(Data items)
####################

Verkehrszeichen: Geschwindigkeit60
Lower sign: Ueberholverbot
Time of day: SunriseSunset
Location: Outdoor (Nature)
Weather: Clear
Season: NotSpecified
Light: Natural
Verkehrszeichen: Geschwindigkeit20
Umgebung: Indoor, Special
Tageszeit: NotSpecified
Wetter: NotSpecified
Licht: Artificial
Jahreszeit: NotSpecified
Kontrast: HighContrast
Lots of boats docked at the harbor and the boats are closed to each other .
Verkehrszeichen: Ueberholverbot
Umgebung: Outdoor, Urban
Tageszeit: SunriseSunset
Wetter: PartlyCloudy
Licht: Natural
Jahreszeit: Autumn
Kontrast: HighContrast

####################

-- What to do --
Each line above must be retyped exactly in the response.

-- Output below --
Verkehrszeichen: Geschwindigkeit60
Lower sign: Ueberholverbot
Time of day: SunriseSunset
Location: Outdoor (Nature)
Weather: Clear
Season: NotSpecified
Light: Natural
Verkehrszeichen: Geschwindigkeit20
Umgebung: Indoor, Special
Tageszeit: NotSpecified
Wetter: NotSpecified
Licht: Artificial
Jahreszeit: NotSpecified
Kontrast: HighContrast
Lots of boats docked at the harbor and the boats are closed to each other .
Verkehrszeichen: Ueberholverbot
Umgebung: Outdoor, Urban
Tageszeit: SunriseSunset
Wetter: PartlyCloudy
Licht: Natural
Jahreszeit: Autumn
Kontrast: HighContrast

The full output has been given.